* * * * * * * * * *
The Indian War on
the plains need simply amount to this. We have now selected and provided
reservations for all, off the great roads. All who cling to their old hunting
grounds are hostile and will remain so till killed off. We will have a sort of
predatory war for years, every now and then be shocked by the indiscriminate
murder of travellers and settlers, but the country is so large, and the
advantage of the Indians so great, that we cannot make a single war and end it.

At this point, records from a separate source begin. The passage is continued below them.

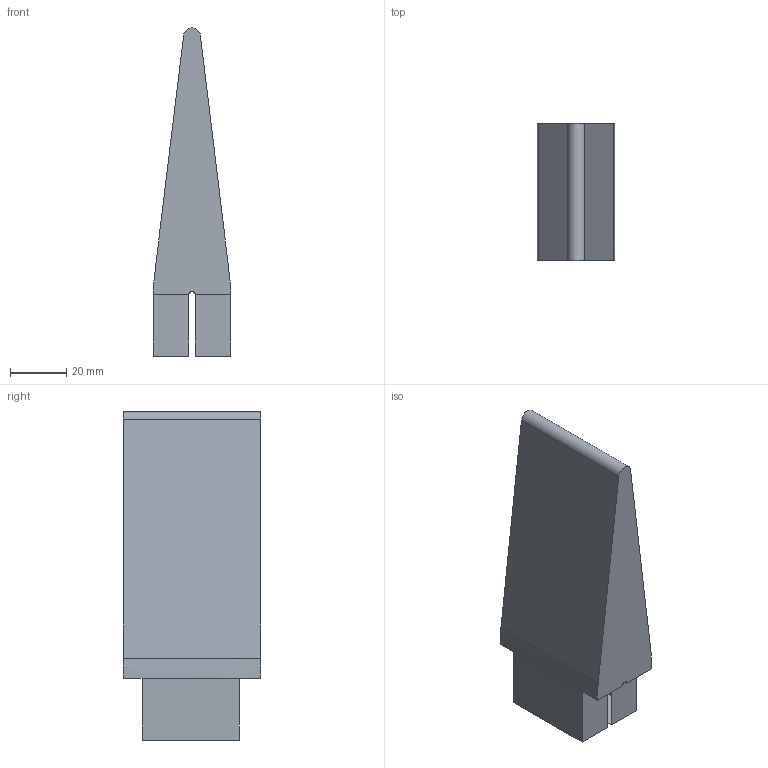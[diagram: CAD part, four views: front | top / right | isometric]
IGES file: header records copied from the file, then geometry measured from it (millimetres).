
Start section:  PTC IGES file: S0759613413.igs
Global section: file name: S0759613413.igs; native system: Pro/ENGINEER by Parametric Technology Corporation; preprocessor: 2005310; author: RCRU51; organization: Unknown; date: 090603.085045; units: millimetre
Bounding box: 27.5 x 49 x 116.99 mm (x, y, z)
Surface area: 16772.7 mm2 (no closed solid volume)
Topology: 0 solids, 0 shells, 20 faces, 96 edges, 96 vertices
Faces by surface type: bspline 16, revolution 4
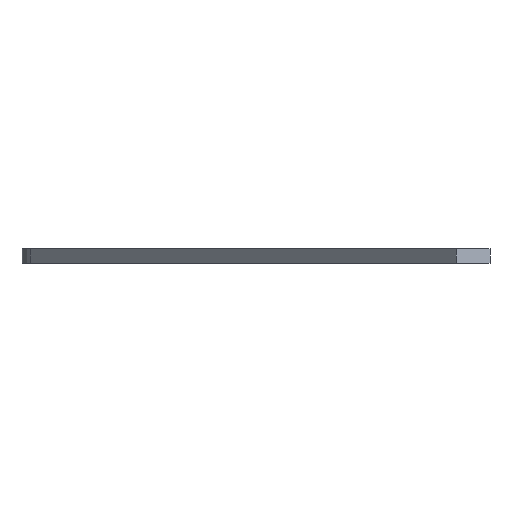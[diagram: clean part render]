
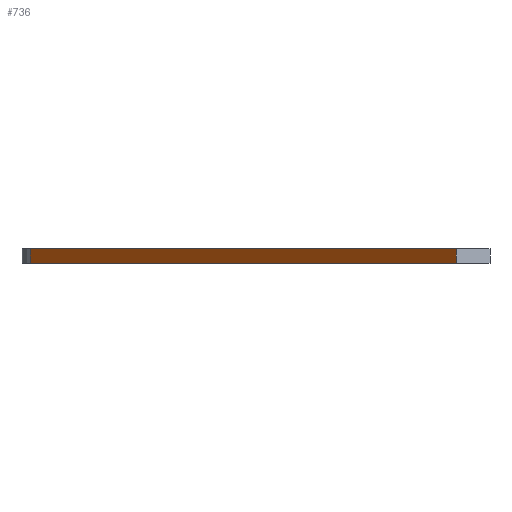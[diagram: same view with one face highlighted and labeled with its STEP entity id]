
A CAD part, left-side view. The second image highlights one B-rep face of the part: STEP entity #736.
In plain terms, the highlighted planar face has unit normal (-0.682, 0.731, 0).
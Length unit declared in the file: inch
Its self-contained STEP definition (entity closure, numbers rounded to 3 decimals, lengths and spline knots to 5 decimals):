
#67 = LINE ( 'NONE', #553, #1168 ) ;
#167 = EDGE_LOOP ( 'NONE', ( #975, #1564, #1568, #728 ) ) ;
#175 = EDGE_CURVE ( 'NONE', #1226, #321, #997, .T. ) ;
#321 = VERTEX_POINT ( 'NONE', #639 ) ;
#370 = DIRECTION ( 'NONE',  ( 0.731, 0.682, 0. ) ) ;
#471 = VERTEX_POINT ( 'NONE', #1154 ) ;
#526 = CARTESIAN_POINT ( 'NONE',  ( -6.55926, -2.49703, 0.1875 ) ) ;
#553 = CARTESIAN_POINT ( 'NONE',  ( -6.55926, -2.49703, -8.82748 ) ) ;
#639 = CARTESIAN_POINT ( 'NONE',  ( -0.83667, 2.83998, 0.1875 ) ) ;
#681 = EDGE_CURVE ( 'NONE', #321, #471, #1322, .T. ) ;
#728 = ORIENTED_EDGE ( 'NONE', *, *, #1266, .T. ) ;
#736 = ADVANCED_FACE ( 'NONE', ( #1398 ), #1554, .F. ) ;
#744 = CARTESIAN_POINT ( 'NONE',  ( -6.55926, -2.49703, 0. ) ) ;
#776 = DIRECTION ( 'NONE',  ( 0.682, -0.731, 0. ) ) ;
#781 = VECTOR ( 'NONE', #1065, 39.37008 ) ;
#818 = CARTESIAN_POINT ( 'NONE',  ( -1.80574, 1.9362, 0. ) ) ;
#881 = CARTESIAN_POINT ( 'NONE',  ( -0.83667, 2.83998, -8.82748 ) ) ;
#975 = ORIENTED_EDGE ( 'NONE', *, *, #175, .T. ) ;
#997 = LINE ( 'NONE', #1051, #1139 ) ;
#1041 = DIRECTION ( 'NONE',  ( 0., 0., -1. ) ) ;
#1045 = DIRECTION ( 'NONE',  ( 0.731, 0.682, 0. ) ) ;
#1051 = CARTESIAN_POINT ( 'NONE',  ( -1.80574, 1.9362, 0.1875 ) ) ;
#1065 = DIRECTION ( 'NONE',  ( -0.731, -0.682, 0. ) ) ;
#1108 = VERTEX_POINT ( 'NONE', #744 ) ;
#1125 = VECTOR ( 'NONE', #1041, 39.37008 ) ;
#1139 = VECTOR ( 'NONE', #370, 39.37008 ) ;
#1154 = CARTESIAN_POINT ( 'NONE',  ( -0.83667, 2.83998, 0. ) ) ;
#1168 = VECTOR ( 'NONE', #1214, 39.37008 ) ;
#1170 = CARTESIAN_POINT ( 'NONE',  ( -1.80574, 1.9362, -8.82748 ) ) ;
#1214 = DIRECTION ( 'NONE',  ( 0., 0., 1. ) ) ;
#1226 = VERTEX_POINT ( 'NONE', #526 ) ;
#1266 = EDGE_CURVE ( 'NONE', #1108, #1226, #67, .T. ) ;
#1322 = LINE ( 'NONE', #881, #1125 ) ;
#1398 = FACE_OUTER_BOUND ( 'NONE', #167, .T. ) ;
#1415 = LINE ( 'NONE', #818, #781 ) ;
#1444 = AXIS2_PLACEMENT_3D ( 'NONE', #1170, #776, #1045 ) ;
#1520 = EDGE_CURVE ( 'NONE', #471, #1108, #1415, .T. ) ;
#1554 = PLANE ( 'NONE',  #1444 ) ;
#1564 = ORIENTED_EDGE ( 'NONE', *, *, #681, .T. ) ;
#1568 = ORIENTED_EDGE ( 'NONE', *, *, #1520, .T. ) ;
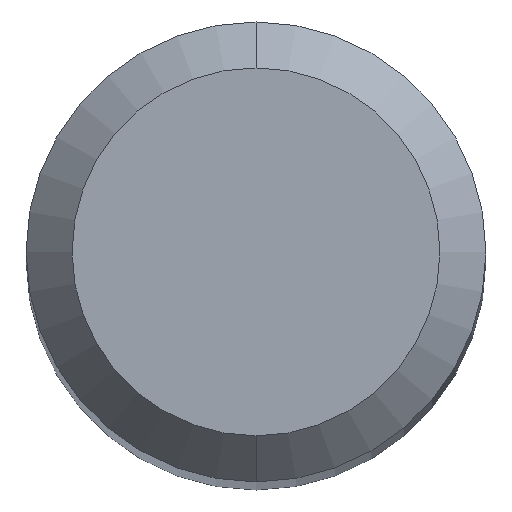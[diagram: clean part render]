
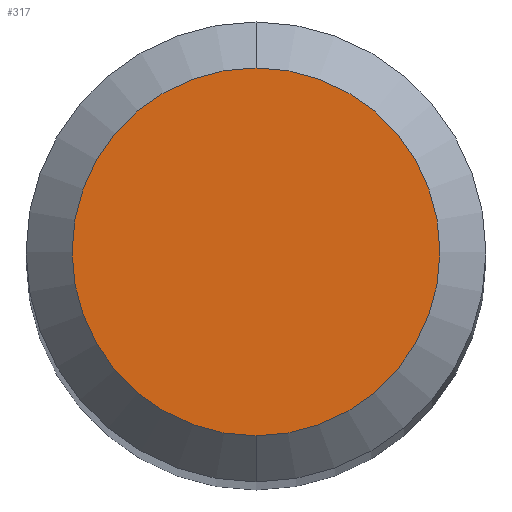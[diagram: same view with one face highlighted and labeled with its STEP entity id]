
A CAD part, top view. The second image highlights one B-rep face of the part: STEP entity #317.
In plain terms, the highlighted planar face has unit normal (0, 0, 1).
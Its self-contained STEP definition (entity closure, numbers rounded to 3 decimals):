
#191=VERTEX_POINT('',#483);
#223=EDGE_CURVE('',#191,#355,#517,.T.);
#267=EDGE_CURVE('',#355,#191,#566,.T.);
#317=ADVANCED_FACE('',(#622),#623,.T.);
#355=VERTEX_POINT('',#668);
#483=CARTESIAN_POINT('',(0.0,1.2,29.567));
#517=CIRCLE('',#929,1.2);
#566=CIRCLE('',#1006,1.2);
#622=FACE_OUTER_BOUND('',#1117,.T.);
#623=PLANE('',#1118);
#668=CARTESIAN_POINT('',(0.,-1.2,29.567));
#929=AXIS2_PLACEMENT_3D('',#1470,#1471,#1472);
#1006=AXIS2_PLACEMENT_3D('',#1529,#1530,#1531);
#1117=EDGE_LOOP('',(#1594,#1595));
#1118=AXIS2_PLACEMENT_3D('',#1596,#1597,#1598);
#1470=CARTESIAN_POINT('',(0.0,0.0,29.567));
#1471=DIRECTION('',(0.0,0.0,-1.0));
#1472=DIRECTION('',(0.0,1.0,0.0));
#1529=CARTESIAN_POINT('',(0.0,0.0,29.567));
#1530=DIRECTION('',(0.0,0.0,-1.0));
#1531=DIRECTION('',(0.0,1.0,0.0));
#1594=ORIENTED_EDGE('',*,*,#223,.F.);
#1595=ORIENTED_EDGE('',*,*,#267,.F.);
#1596=CARTESIAN_POINT('',(0.0,0.6,29.567));
#1597=DIRECTION('',(-0.0,0.0,1.0));
#1598=DIRECTION('',(0.0,-1.0,0.0));
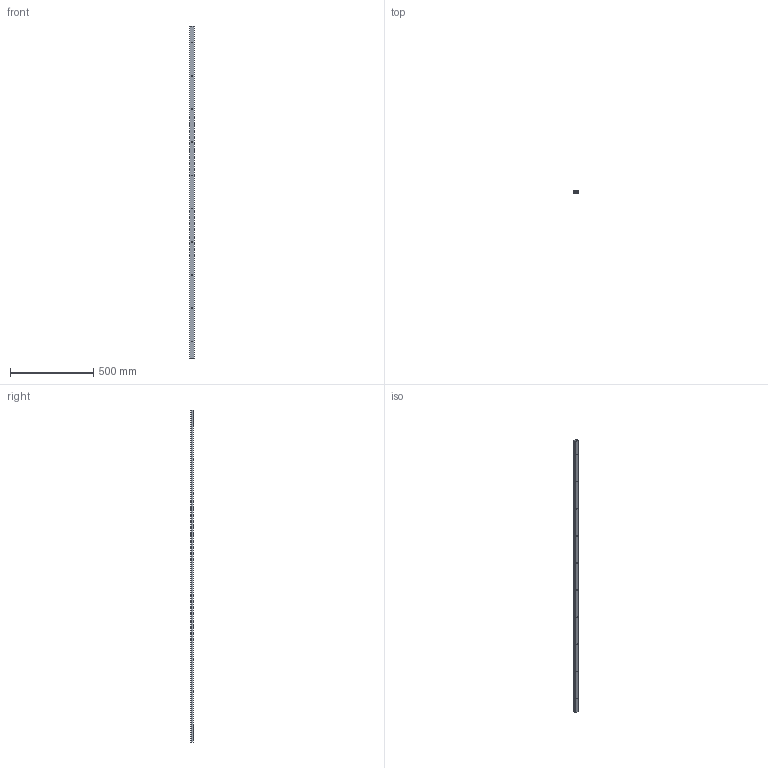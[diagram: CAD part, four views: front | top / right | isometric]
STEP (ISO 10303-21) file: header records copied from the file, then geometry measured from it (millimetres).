
FILE_DESCRIPTION (( 'STEP AP214' ), '1' );
FILE_NAME ('Áàçîâàÿ ìîäåëü 25õ16.STEP', '2016-07-11T08:38:08', ( '' ), ( '' ), 'SwSTEP 2.0', 'SolidWorks 2014', '' );
FILE_SCHEMA (( 'AUTOMOTIVE_DESIGN' ));
Length unit declared in the file: millimetre
Products named in the file (1): Áàçîâàÿ ìîäåëü 25õ16
Bounding box: 25 x 16 x 2000 mm (x, y, z)
Volume: 119496.8 mm3; surface area: 374471.8 mm2
Topology: 2 solids, 2 shells, 48 faces, 132 edges, 88 vertices
Faces by surface type: plane 28, cylinder 20
Entity records: 1619 total; most frequent: DIRECTION 270, CARTESIAN_POINT 269, ORIENTED_EDGE 264, EDGE_CURVE 132, VECTOR 92, LINE 92, AXIS2_PLACEMENT_3D 89, VERTEX_POINT 88
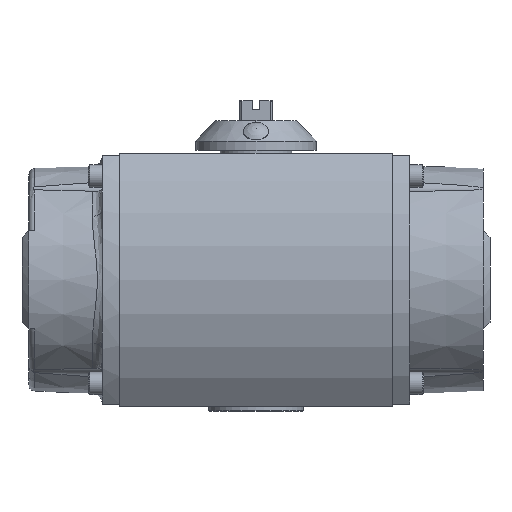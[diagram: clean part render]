
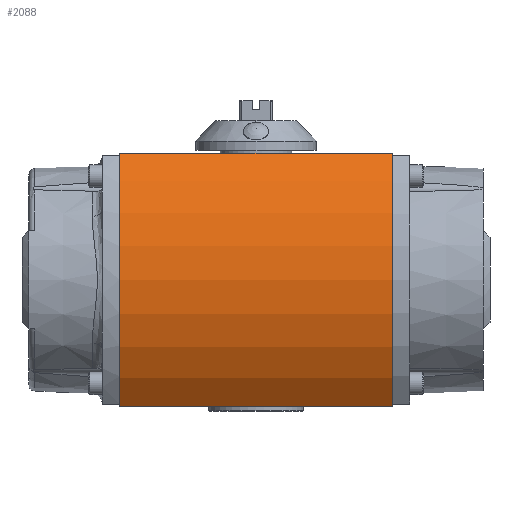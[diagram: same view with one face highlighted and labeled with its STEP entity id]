
A CAD part, left-side view. The second image highlights one B-rep face of the part: STEP entity #2088.
In plain terms, the highlighted cylindrical face has radius 115.979 mm (diameter 231.958 mm), a partial arc.
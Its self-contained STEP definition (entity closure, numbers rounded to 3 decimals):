
#644=CARTESIAN_POINT('',(-41.65,79.005,-73.3));
#645=VERTEX_POINT('',#644);
#662=CARTESIAN_POINT('',(-41.65,-79.005,-73.3));
#663=VERTEX_POINT('',#662);
#670=CARTESIAN_POINT('',(-41.65,-79.005,-73.3));
#671=DIRECTION('',(0.0,1.0,0.0));
#672=VECTOR('',#671,158.01);
#673=LINE('',#670,#672);
#674=EDGE_CURVE('',#663,#645,#673,.T.);
#1980=CARTESIAN_POINT('',(-41.65,-79.005,73.3));
#1981=VERTEX_POINT('',#1980);
#1988=CARTESIAN_POINT('',(48.229,-79.005,0.));
#1989=DIRECTION('',(0.0,1.0,0.0));
#1990=DIRECTION('',(-0.775,0.0,-0.632));
#1991=AXIS2_PLACEMENT_3D('',#1988,#1989,#1990);
#1992=CIRCLE('',#1991,115.979);
#1993=EDGE_CURVE('',#663,#1981,#1992,.T.);
#2020=CARTESIAN_POINT('',(-41.65,79.005,73.3));
#2021=VERTEX_POINT('',#2020);
#2028=CARTESIAN_POINT('',(-41.65,-79.005,73.3));
#2029=DIRECTION('',(0.0,1.0,0.0));
#2030=VECTOR('',#2029,158.01);
#2031=LINE('',#2028,#2030);
#2032=EDGE_CURVE('',#1981,#2021,#2031,.T.);
#2071=CARTESIAN_POINT('',(48.229,0.0,0.));
#2072=DIRECTION('',(0.0,1.0,0.0));
#2073=DIRECTION('',(-0.775,0.0,-0.632));
#2074=AXIS2_PLACEMENT_3D('',#2071,#2072,#2073);
#2075=CYLINDRICAL_SURFACE('',#2074,115.979);
#2076=CARTESIAN_POINT('',(48.229,79.005,0.));
#2077=DIRECTION('',(0.0,-1.0,0.0));
#2078=DIRECTION('',(-0.775,0.0,-0.632));
#2079=AXIS2_PLACEMENT_3D('',#2076,#2077,#2078);
#2080=CIRCLE('',#2079,115.979);
#2081=EDGE_CURVE('',#2021,#645,#2080,.T.);
#2082=ORIENTED_EDGE('',*,*,#2081,.T.);
#2083=ORIENTED_EDGE('',*,*,#674,.F.);
#2084=ORIENTED_EDGE('',*,*,#1993,.T.);
#2085=ORIENTED_EDGE('',*,*,#2032,.T.);
#2086=EDGE_LOOP('',(#2082,#2083,#2084,#2085));
#2087=FACE_OUTER_BOUND('',#2086,.T.);
#2088=ADVANCED_FACE('',(#2087),#2075,.T.);
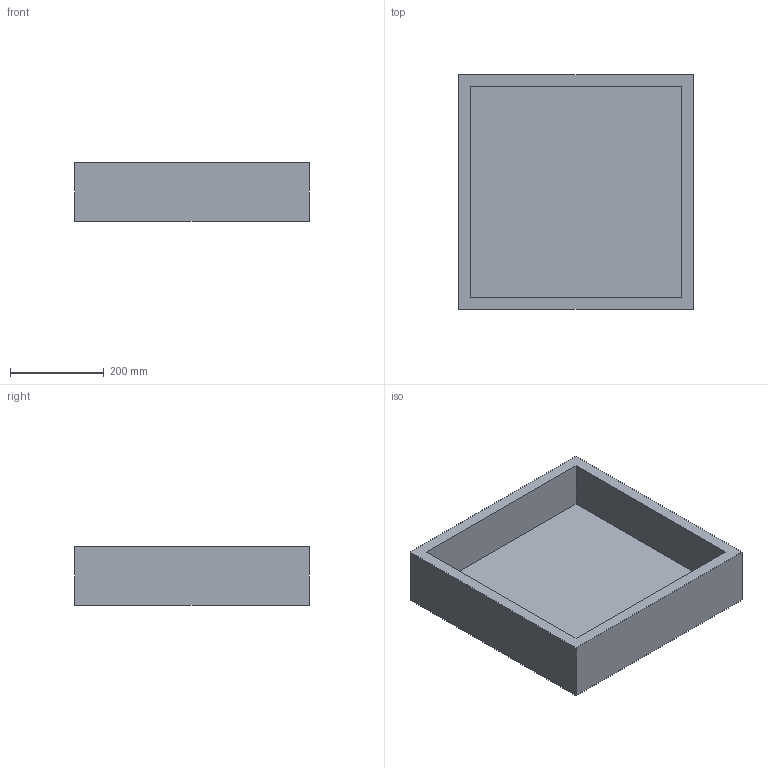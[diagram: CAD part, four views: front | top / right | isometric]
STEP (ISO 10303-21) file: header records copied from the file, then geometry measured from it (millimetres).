
FILE_DESCRIPTION(/* description */ ('','CAx-IF Rec.Pracs.---Representation and Presentation of Product Manufacturing Information (PMI)---4.0---2014-10-13'),/* implementation_level */ '2;1');
FILE_NAME(/* name */ 'pool.step',/* time_stamp */ '2025-02-10T15:33:06+02:00',/* author */ (''),/* organization */ (''),/* preprocessor_version */ 'ST-DEVELOPER v20',/* originating_system */ 'Autodesk Translation Framework v13.20.0.188',/* authorisation */ '');
FILE_SCHEMA (('AP242_MANAGED_MODEL_BASED_3D_ENGINEERING_MIM_LF { 1 0 10303 442 1 1 4 }'));
Length unit declared in the file: millimetre
Products named in the file (1): (Unsaved)
Bounding box: 500 x 500 x 125 mm (x, y, z)
Volume: 11000000 mm3; surface area: 930000 mm2
Topology: 1 solids, 1 shells, 11 faces, 24 edges, 16 vertices
Faces by surface type: plane 11
Entity records: 331 total; most frequent: CARTESIAN_POINT 52, ORIENTED_EDGE 48, DIRECTION 48, LINE 24, VECTOR 24, EDGE_CURVE 24, VERTEX_POINT 16, EDGE_LOOP 12
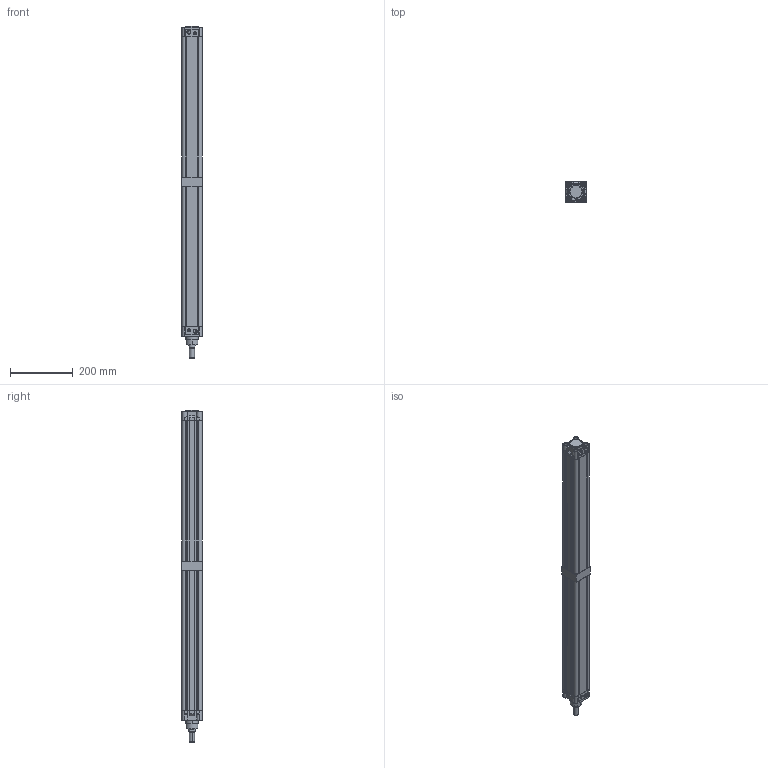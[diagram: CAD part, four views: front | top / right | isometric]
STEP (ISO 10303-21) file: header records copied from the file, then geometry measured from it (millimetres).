
FILE_DESCRIPTION (( 'STEP AP203' ), '1' );
FILE_NAME ('50X400TANDEM.STEP', '2017-12-27T11:43:09', ( 'USER' ), ( '' ), 'SwSTEP 2.0', 'SolidWorks 2017', '' );
FILE_SCHEMA (( 'CONFIG_CONTROL_DESIGN' ));
Length unit declared in the file: millimetre
Products named in the file (8): ORTA PÝSTON 50 TANDEM; TANDEM M尳 50x400; Piston Mili 50x400; 50; 50X400TANDEM; 烰 KAPAK  50; KDNC 50x400 BORU; ARKA KAPAK 50
Assembly tree (9 placements, depth 2):
  50X400TANDEM
    烰 KAPAK  50
    KDNC 50x400 BORU  x2
    ARKA KAPAK 50
    ORTA PÝSTON 50 TANDEM  x2
    TANDEM M尳 50x400
    Piston Mili 50x400
    50
Bounding box: 65 x 65 x 1055 mm (x, y, z)
Volume: 2138724.1 mm3; surface area: 728193.7 mm2
Topology: 14 solids, 17 shells, 1072 faces, 2708 edges, 1755 vertices
Faces by surface type: cylinder 473, plane 465, cone 94, bspline 24, torus 14, sphere 2
Entity records: 31096 total; most frequent: CARTESIAN_POINT 9637, ORIENTED_EDGE 4322, DIRECTION 4264, EDGE_CURVE 2161, AXIS2_PLACEMENT_3D 1599, VERTEX_POINT 1397, VECTOR 1066, LINE 1066
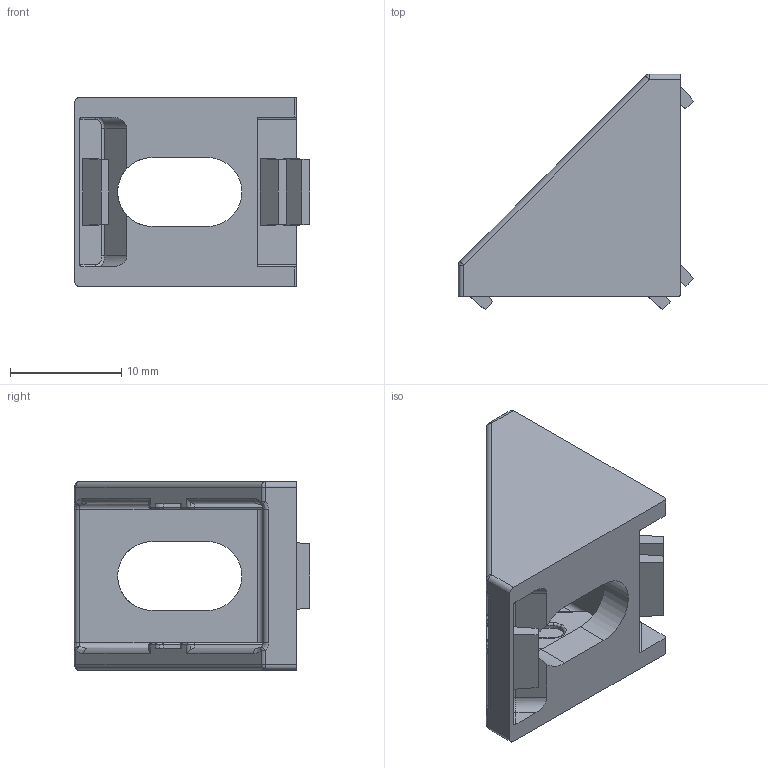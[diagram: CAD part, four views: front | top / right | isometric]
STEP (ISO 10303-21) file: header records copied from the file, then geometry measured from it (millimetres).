
FILE_DESCRIPTION (( 'STEP AP214' ), '1' );
FILE_NAME ('7265100', '2019-01-30T09:02:09', ( '' ), ('JUGARD+KÜNSTNER GmbH'), 'SwSTEP 2.0', 'SolidWorks 2017', '' );
FILE_SCHEMA (( 'AUTOMOTIVE_DESIGN' ));
Length unit declared in the file: millimetre
Products named in the file (1): 7265100
Bounding box: 21.2 x 21.2 x 17 mm (x, y, z)
Volume: 1998.1 mm3; surface area: 2183.6 mm2
Topology: 1 solids, 1 shells, 160 faces, 401 edges, 243 vertices
Faces by surface type: cylinder 66, plane 61, bspline 33
Entity records: 5190 total; most frequent: CARTESIAN_POINT 1578, ORIENTED_EDGE 794, DIRECTION 701, EDGE_CURVE 397, VERTEX_POINT 243, AXIS2_PLACEMENT_3D 241, LINE 219, VECTOR 219

From the nature of things we must take chances and clean out Indians as we
encounter them.
Our troops are now
scattered and have daily chases and skirmishes, sometimes getting the best and
sometimes the worst, but the Indians have this great advantage, they can steal
fresh horses when they need them and drop the jaded ones. We must operate each
man to his own horse, and cannot renew except by purchase in a distant and
cheap market.
I will keep things
thus, and when winter starves their ponies they will want a truce and shan't
have it, unless the civil influence compels me again as it did last winter.
If Grant is elected,
that old Indian system will be broken up, and then with the annuities which are
ample expended in connection with and in subordination to military movements,
will soon bring the whole matter within easy control. Then there are $134,000
appropriated for the Cheyennes and Arapahoes, all of whom are at war, and yet
the Indian Bureau contend they are forced by law to invest it in shoes,
stockings, blankets, and dry goods for these very Indians. They don't want any
of these things, but if it could be put in corn, salt, and cattle, we could
detach half the hostiles and get them down on the Canadian, two hundred miles
south of the Kansas road.
* * * * * * * * * *
Grant is still at
Galena, and I doubt if he will get to Washington till the November election is
over. I have written to him to come down here to the Fair which begins October
5, but the Democrats are so strong and demonstrative here that I think he is a
little turned against St. Louis. . . .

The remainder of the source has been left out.